Part 1: Fun with Filters

1.1: Convolutions From Scratch!

For this part, I first started with a four for loop implementation that looped through the entire padded image array. Then, for each ith, jth element in the image array, we loop through the kernel, and get the sum of the element * the kenel. We then set that as the ith, jth value of our output to get the convoluted image.
This version took very very long, since it had to do single computation over every single pixel of the image. For a 1500x2000 image, it took roughly 10 seconds to complete one convolution.


def brute_convolution_four(img_array, kernel):
    h, w = len(img_array), len(img_array[0])
    kh, kw = len(kernel), len(kernel[0])
    pad_h, pad_w = kh // 2, kw //2
    padded = np.pad(img_array, ((pad_h, pad_h), (pad_w, pad_w)), mode="constant")

    output = np.zeros_like(img_array, dtype=np.float64)
    for i in range(h):
        for j in range (w):
            total = 0
            for n in range(kh):
                for m in range(kw):
                    total += padded[i+n, j+m] * kernel[n, m]
            output[i, j] = total
                    
    return output

I then made this faster using just two for loops, looping through the entire padded image array, but taking a slice of the image array to do elementwise multiplication of that slice with the kernel. After getting that product, I summed it to get the final output and then set the ith, jth value as that sum.
This version was way faster, cutting down the computation time to around 2 seconds to complete one convolution. It still wasn't close to the built in convolve2d, however, since convolve2d was almost instantaneous.

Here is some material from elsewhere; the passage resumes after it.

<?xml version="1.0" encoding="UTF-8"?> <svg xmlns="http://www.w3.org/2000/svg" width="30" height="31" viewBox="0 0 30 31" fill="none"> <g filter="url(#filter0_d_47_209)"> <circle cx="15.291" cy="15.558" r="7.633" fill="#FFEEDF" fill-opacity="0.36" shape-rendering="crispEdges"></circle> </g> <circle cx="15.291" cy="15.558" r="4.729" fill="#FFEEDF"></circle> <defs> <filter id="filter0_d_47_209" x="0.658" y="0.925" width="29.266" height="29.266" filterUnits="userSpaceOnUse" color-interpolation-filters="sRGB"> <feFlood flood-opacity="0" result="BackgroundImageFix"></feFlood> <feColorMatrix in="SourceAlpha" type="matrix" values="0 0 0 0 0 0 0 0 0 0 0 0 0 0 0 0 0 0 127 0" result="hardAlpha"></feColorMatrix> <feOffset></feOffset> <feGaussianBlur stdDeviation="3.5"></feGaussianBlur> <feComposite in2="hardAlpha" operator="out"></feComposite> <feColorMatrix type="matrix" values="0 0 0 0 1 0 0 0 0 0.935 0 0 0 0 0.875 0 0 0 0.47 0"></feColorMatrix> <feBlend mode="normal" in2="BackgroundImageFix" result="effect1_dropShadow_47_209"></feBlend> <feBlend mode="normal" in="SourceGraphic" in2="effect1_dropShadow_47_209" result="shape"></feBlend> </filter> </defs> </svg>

def brute_convolution_two(img_array, kernel):
    h, w = len(img_array), len(img_array[0])
    kh, kw = len(kernel), len(kernel[0])
    pad_h, pad_w = kh // 2, kw //2
    padded = np.pad(img_array, ((pad_h, pad_h), (pad_w, pad_w)), mode="constant")
    output = np.zeros_like(img_array, dtype=np.float64)

    for i in range(h):
        for j in range(w):
            area = padded[i: i+kh, j:j+kw]
            output[i, j] = np.sum((area * kernel))
return output

Original Image

Convolution on x with scipy.convolve2d

Brute force convolution on x

Built in convolution on y

Brute force convoution on y

Built in box convolution

Brute force box convolution

1.2: Finite Difference Operator

For this part, I used the built in scipy.convolve2d to convolve the cameraman image with the dy and dx filter. Then, I got the gradient by taking the euclidean distance between each value of the convoluted dy and dx images. I then tested different threshholds to figure out the best one to classify the edges. I tried 0.7 but it wasn't able to get some of the thinner ones, so I tried going down to 0.5, and then 0.3, then 0.1.

Original cameraman image

Cameraman gradient image

Threshold = 0.7

Threshold = 0.3

Threshold = 0.1

Final threshold = 0.35

As I got to 0.3 and 0.1, a lot of noise started showing up. I couldn't get the real edges of the buildings in the back without the grass speckles using this method, so I decided to go back past 0.3 a little bit to reduce the noise as much as possible and just get the cameraman.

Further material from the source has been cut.